Instructions for the task:
Word for word, set down the entries that follow.

Collection entries:
_____

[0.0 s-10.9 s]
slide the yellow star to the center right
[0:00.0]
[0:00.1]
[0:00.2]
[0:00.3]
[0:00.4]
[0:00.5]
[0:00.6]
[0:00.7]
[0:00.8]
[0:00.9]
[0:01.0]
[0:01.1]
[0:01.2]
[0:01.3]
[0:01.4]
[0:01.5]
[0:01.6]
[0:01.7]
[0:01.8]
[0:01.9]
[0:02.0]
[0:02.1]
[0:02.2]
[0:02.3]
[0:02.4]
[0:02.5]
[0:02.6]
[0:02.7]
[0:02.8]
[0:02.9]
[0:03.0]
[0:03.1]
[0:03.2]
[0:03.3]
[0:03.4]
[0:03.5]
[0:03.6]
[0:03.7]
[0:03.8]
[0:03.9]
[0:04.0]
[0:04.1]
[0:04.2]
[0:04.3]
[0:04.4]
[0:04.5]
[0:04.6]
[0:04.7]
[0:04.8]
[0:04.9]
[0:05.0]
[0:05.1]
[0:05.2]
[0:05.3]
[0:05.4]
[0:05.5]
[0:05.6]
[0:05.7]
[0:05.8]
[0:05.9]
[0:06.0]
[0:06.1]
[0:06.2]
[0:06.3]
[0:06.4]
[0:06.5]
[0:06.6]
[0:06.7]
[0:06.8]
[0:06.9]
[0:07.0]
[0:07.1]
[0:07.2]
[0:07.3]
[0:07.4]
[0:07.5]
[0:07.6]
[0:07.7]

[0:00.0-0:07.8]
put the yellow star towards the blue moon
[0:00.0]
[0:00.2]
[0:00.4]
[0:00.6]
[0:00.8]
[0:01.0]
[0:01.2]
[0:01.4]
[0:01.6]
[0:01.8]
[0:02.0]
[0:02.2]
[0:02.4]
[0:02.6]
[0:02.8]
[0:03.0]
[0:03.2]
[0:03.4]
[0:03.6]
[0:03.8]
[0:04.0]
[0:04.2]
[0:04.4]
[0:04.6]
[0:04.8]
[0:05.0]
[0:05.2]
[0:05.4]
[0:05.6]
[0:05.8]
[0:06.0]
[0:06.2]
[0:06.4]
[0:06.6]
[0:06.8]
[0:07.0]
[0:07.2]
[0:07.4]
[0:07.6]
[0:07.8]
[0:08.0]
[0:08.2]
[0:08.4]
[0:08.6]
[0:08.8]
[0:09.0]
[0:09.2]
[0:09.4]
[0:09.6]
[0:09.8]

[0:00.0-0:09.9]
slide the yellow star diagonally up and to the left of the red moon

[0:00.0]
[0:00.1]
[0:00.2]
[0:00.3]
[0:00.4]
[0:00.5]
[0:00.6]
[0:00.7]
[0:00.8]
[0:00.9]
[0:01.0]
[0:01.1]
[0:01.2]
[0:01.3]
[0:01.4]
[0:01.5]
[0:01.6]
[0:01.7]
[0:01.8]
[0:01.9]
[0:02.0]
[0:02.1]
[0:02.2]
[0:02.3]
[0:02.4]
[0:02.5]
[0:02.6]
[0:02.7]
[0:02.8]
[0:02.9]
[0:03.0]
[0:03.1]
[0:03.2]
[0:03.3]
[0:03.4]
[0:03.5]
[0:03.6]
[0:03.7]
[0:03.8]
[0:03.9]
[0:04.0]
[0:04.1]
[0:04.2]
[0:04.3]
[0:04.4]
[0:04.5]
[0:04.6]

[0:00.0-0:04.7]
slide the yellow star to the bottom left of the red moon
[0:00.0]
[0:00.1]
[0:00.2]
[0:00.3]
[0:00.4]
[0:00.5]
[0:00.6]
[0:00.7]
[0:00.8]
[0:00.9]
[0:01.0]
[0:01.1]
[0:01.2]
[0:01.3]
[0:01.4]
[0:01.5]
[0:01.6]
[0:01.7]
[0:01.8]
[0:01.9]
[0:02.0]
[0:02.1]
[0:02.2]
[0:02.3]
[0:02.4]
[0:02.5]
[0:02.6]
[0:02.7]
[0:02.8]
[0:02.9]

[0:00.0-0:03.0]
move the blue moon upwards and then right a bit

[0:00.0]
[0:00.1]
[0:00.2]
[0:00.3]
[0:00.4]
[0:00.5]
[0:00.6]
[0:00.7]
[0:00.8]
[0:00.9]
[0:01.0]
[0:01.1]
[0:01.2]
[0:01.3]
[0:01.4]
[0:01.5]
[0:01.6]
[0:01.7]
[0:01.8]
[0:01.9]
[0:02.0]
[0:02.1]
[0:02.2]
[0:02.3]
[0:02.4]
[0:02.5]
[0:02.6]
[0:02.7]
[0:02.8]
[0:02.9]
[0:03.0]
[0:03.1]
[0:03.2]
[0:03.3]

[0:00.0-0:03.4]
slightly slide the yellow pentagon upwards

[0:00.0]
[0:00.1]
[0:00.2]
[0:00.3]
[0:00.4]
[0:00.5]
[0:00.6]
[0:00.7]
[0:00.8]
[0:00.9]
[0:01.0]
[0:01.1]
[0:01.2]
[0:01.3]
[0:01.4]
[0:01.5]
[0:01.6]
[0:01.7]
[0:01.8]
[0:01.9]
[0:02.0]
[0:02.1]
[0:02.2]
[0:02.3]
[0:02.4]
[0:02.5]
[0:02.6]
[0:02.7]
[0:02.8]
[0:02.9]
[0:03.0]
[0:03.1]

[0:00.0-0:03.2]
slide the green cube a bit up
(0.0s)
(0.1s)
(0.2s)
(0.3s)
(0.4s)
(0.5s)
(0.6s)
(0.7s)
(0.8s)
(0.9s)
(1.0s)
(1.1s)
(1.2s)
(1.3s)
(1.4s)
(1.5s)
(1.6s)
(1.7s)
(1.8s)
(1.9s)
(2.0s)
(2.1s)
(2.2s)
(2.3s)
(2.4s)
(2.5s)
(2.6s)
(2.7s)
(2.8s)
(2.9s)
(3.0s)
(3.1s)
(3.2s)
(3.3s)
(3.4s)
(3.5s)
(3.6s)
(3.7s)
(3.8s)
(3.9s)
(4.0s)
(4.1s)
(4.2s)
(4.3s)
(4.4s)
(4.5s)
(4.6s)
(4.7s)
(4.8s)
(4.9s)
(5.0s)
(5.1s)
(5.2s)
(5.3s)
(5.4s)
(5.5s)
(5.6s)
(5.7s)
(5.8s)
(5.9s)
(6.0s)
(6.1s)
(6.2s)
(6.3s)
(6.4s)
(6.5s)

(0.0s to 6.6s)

_____

Answer to this task:
[0.0 s-10.9 s]
slide the yellow star to the center right
[0:00.0]
[0:00.1]
[0:00.2]
[0:00.3]
[0:00.4]
[0:00.5]
[0:00.6]
[0:00.7]
[0:00.8]
[0:00.9]
[0:01.0]
[0:01.1]
[0:01.2]
[0:01.3]
[0:01.4]
[0:01.5]
[0:01.6]
[0:01.7]
[0:01.8]
[0:01.9]
[0:02.0]
[0:02.1]
[0:02.2]
[0:02.3]
[0:02.4]
[0:02.5]
[0:02.6]
[0:02.7]
[0:02.8]
[0:02.9]
[0:03.0]
[0:03.1]
[0:03.2]
[0:03.3]
[0:03.4]
[0:03.5]
[0:03.6]
[0:03.7]
[0:03.8]
[0:03.9]
[0:04.0]
[0:04.1]
[0:04.2]
[0:04.3]
[0:04.4]
[0:04.5]
[0:04.6]
[0:04.7]
[0:04.8]
[0:04.9]
[0:05.0]
[0:05.1]
[0:05.2]
[0:05.3]
[0:05.4]
[0:05.5]
[0:05.6]
[0:05.7]
[0:05.8]
[0:05.9]
[0:06.0]
[0:06.1]
[0:06.2]
[0:06.3]
[0:06.4]
[0:06.5]
[0:06.6]
[0:06.7]
[0:06.8]
[0:06.9]
[0:07.0]
[0:07.1]
[0:07.2]
[0:07.3]
[0:07.4]
[0:07.5]
[0:07.6]
[0:07.7]

[0:00.0-0:07.8]
put the yellow star towards the blue moon
[0:00.0]
[0:00.2]
[0:00.4]
[0:00.6]
[0:00.8]
[0:01.0]
[0:01.2]
[0:01.4]
[0:01.6]
[0:01.8]
[0:02.0]
[0:02.2]
[0:02.4]
[0:02.6]
[0:02.8]
[0:03.0]
[0:03.2]
[0:03.4]
[0:03.6]
[0:03.8]
[0:04.0]
[0:04.2]
[0:04.4]
[0:04.6]
[0:04.8]
[0:05.0]
[0:05.2]
[0:05.4]
[0:05.6]
[0:05.8]
[0:06.0]
[0:06.2]
[0:06.4]
[0:06.6]
[0:06.8]
[0:07.0]
[0:07.2]
[0:07.4]
[0:07.6]
[0:07.8]
[0:08.0]
[0:08.2]
[0:08.4]
[0:08.6]
[0:08.8]
[0:09.0]
[0:09.2]
[0:09.4]
[0:09.6]
[0:09.8]

[0:00.0-0:09.9]
slide the yellow star diagonally up and to the left of the red moon

[0:00.0]
[0:00.1]
[0:00.2]
[0:00.3]
[0:00.4]
[0:00.5]
[0:00.6]
[0:00.7]
[0:00.8]
[0:00.9]
[0:01.0]
[0:01.1]
[0:01.2]
[0:01.3]
[0:01.4]
[0:01.5]
[0:01.6]
[0:01.7]
[0:01.8]
[0:01.9]
[0:02.0]
[0:02.1]
[0:02.2]
[0:02.3]
[0:02.4]
[0:02.5]
[0:02.6]
[0:02.7]
[0:02.8]
[0:02.9]
[0:03.0]
[0:03.1]
[0:03.2]
[0:03.3]
[0:03.4]
[0:03.5]
[0:03.6]
[0:03.7]
[0:03.8]
[0:03.9]
[0:04.0]
[0:04.1]
[0:04.2]
[0:04.3]
[0:04.4]
[0:04.5]
[0:04.6]

[0:00.0-0:04.7]
slide the yellow star to the bottom left of the red moon
[0:00.0]
[0:00.1]
[0:00.2]
[0:00.3]
[0:00.4]
[0:00.5]
[0:00.6]
[0:00.7]
[0:00.8]
[0:00.9]
[0:01.0]
[0:01.1]
[0:01.2]
[0:01.3]
[0:01.4]
[0:01.5]
[0:01.6]
[0:01.7]
[0:01.8]
[0:01.9]
[0:02.0]
[0:02.1]
[0:02.2]
[0:02.3]
[0:02.4]
[0:02.5]
[0:02.6]
[0:02.7]
[0:02.8]
[0:02.9]

[0:00.0-0:03.0]
move the blue moon upwards and then right a bit

[0:00.0]
[0:00.1]
[0:00.2]
[0:00.3]
[0:00.4]
[0:00.5]
[0:00.6]
[0:00.7]
[0:00.8]
[0:00.9]
[0:01.0]
[0:01.1]
[0:01.2]
[0:01.3]
[0:01.4]
[0:01.5]
[0:01.6]
[0:01.7]
[0:01.8]
[0:01.9]
[0:02.0]
[0:02.1]
[0:02.2]
[0:02.3]
[0:02.4]
[0:02.5]
[0:02.6]
[0:02.7]
[0:02.8]
[0:02.9]
[0:03.0]
[0:03.1]
[0:03.2]
[0:03.3]

[0:00.0-0:03.4]
slightly slide the yellow pentagon upwards

[0:00.0]
[0:00.1]
[0:00.2]
[0:00.3]
[0:00.4]
[0:00.5]
[0:00.6]
[0:00.7]
[0:00.8]
[0:00.9]
[0:01.0]
[0:01.1]
[0:01.2]
[0:01.3]
[0:01.4]
[0:01.5]
[0:01.6]
[0:01.7]
[0:01.8]
[0:01.9]
[0:02.0]
[0:02.1]
[0:02.2]
[0:02.3]
[0:02.4]
[0:02.5]
[0:02.6]
[0:02.7]
[0:02.8]
[0:02.9]
[0:03.0]
[0:03.1]

[0:00.0-0:03.2]
slide the green cube a bit up
(0.0s)
(0.1s)
(0.2s)
(0.3s)
(0.4s)
(0.5s)
(0.6s)
(0.7s)
(0.8s)
(0.9s)
(1.0s)
(1.1s)
(1.2s)
(1.3s)
(1.4s)
(1.5s)
(1.6s)
(1.7s)
(1.8s)
(1.9s)
(2.0s)
(2.1s)
(2.2s)
(2.3s)
(2.4s)
(2.5s)
(2.6s)
(2.7s)
(2.8s)
(2.9s)
(3.0s)
(3.1s)
(3.2s)
(3.3s)
(3.4s)
(3.5s)
(3.6s)
(3.7s)
(3.8s)
(3.9s)
(4.0s)
(4.1s)
(4.2s)
(4.3s)
(4.4s)
(4.5s)
(4.6s)
(4.7s)
(4.8s)
(4.9s)
(5.0s)
(5.1s)
(5.2s)
(5.3s)
(5.4s)
(5.5s)
(5.6s)
(5.7s)
(5.8s)
(5.9s)
(6.0s)
(6.1s)
(6.2s)
(6.3s)
(6.4s)
(6.5s)

(0.0s to 6.6s)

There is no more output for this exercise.